Reactive Fast Data & the Data Lake

Track: Data Science and Machine Learning
Skill Level: Beginner
Room: Room A403
Time Slot: Thu 2/23, 2:30 PM
Tags: streaming , data , akka , kafka , reactive , lightbend , big data , spark
Presentation Link
Abstract

The first act of this talk will begin at a high level to discuss reactive architecture tenets, distributed “fast data” streams, and an application and analytics focused Data Lake.  Enterprise level concerns and the importance of holistic governance, operational management, and a Metadata Lake will be conceptually investigated.  The next level of detail will be to explore what a prospective architecture looks like at scale with Terabytes of ingestion per day, how scale puts pressure on an architecture, and how to be successful without losing data in a mission critical system via resilient, self-healing, scalable technologies.  DevOps and application architecture concerns will be first-class themes throughout.
 
Reactive principles and technology will be the second act of this talk.  Kafka.  Akka. Spark.  Various streaming technologies (Kafka Streams, Akka Streams, Spark Streaming) will be reviewed to identify what they are best suited for.  The fast data pipeline discussion will center around Kafka, Akka, and Apache Flink (Lightbend Fast Data platform).  We’ll also walk through an exciting addition to the Akka family, Alpakka, which is a Camel equivalent for Enterprise Integration Patterns.
 
The final act will be to dive into the Data Lake, from both an analytics and application development perspective.  Technologies used to explain concepts will include Amazon and Hadoop.  A Data Lake may service multiple analytics consumers with various “views” (and access levels) of data.  It may also be a participant of various applications, perhaps by acting as a centralized source for reference data or common middleware (in turn feeding the analytics aspect).  The concept of the Metadata Lake to apply structure, meaning and purpose will be an over-arching success factor for a Data Lake.  The difference between the Data Lake and Metadata Lake is conceptually similar to a Halocline…  Various technologies (Iglu/Snowplow and more) will be discussed from a feature standpoint to flesh out the technology capabilities needed for Data Lake governance.
 
Expect an extremely dense, content rich experience; akin to my previous presentations about Docker, Microservices/APIs and development methodology.

Todd Fritz

Todd leads software development teams to design and implement innovative, enterprise-class, secure, distributed, mission-critical systems via effective alignment of technology (and development process) to business needs. He has led numerous efforts to design and implement scalable, maintainable and extensible platforms and products; many of which are still in Production. He regularly learns new technology to stay current and understand from bottom-up, which is invaluable for formulating enterprise strategy in addition to tactical planning. He is a strong proponent for reactive, streaming architectures that leverage technologies such as Akka, Kafka and Scala.

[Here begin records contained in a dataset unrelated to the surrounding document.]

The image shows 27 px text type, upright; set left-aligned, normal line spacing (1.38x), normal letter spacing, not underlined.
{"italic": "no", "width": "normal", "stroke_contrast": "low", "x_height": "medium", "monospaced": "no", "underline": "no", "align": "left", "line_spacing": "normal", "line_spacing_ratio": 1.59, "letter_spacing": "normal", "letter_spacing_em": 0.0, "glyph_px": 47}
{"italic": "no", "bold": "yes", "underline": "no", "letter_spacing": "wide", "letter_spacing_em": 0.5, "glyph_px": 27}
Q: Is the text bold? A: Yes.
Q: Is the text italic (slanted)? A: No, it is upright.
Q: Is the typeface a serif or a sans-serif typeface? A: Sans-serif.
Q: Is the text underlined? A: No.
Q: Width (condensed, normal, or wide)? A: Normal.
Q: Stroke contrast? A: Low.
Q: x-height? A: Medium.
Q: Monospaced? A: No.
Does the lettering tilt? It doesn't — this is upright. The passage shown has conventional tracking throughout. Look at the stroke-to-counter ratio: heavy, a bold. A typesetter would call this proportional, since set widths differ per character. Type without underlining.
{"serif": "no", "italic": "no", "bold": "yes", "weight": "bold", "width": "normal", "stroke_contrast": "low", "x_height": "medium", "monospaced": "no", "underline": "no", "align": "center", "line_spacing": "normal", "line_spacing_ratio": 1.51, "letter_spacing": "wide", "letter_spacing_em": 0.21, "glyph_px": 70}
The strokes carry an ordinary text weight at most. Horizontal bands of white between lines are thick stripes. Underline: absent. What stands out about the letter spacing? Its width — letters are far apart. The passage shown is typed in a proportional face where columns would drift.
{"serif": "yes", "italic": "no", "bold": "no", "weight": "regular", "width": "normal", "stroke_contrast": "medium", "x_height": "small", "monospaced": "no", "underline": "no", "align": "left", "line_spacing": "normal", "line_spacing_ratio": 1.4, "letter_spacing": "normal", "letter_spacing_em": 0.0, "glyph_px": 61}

Fritz leads by example and is a proponent of “servant leadership" and agile development methods (scrum, kanban). He abhors the travesty of waterfall and micromanagement, and is an advocate of following sound SDLC process to provide long-term business value. His passion for programming and software design began on an Apple ][+ in 1980 at age 11, which progressed into assembly language by age 13, and 35 years later has continued across numerous technology innovations and trends. How fortunate to have a childhood hobby grow into a rewarding, lifelong career?

His experience includes greater than 18 years in significant roles of responsibility, and possess a diverse skill set that spans from the back-end to front-end, with emphasis on high volume, message oriented middleware and back-end solutions (e.g. big data).

Sometimes an evangelist of a technology before it becomes “cool” (microservices, EDA/CEP, docker , reactive programming and more). He is a versatile, personable, passionate, hands-on contributor. A team player with proven ability to related to different cultures, personalities and generations.

Previous topics he has presented on include Docker and microservice based architectures, to decompose legacy monoliths.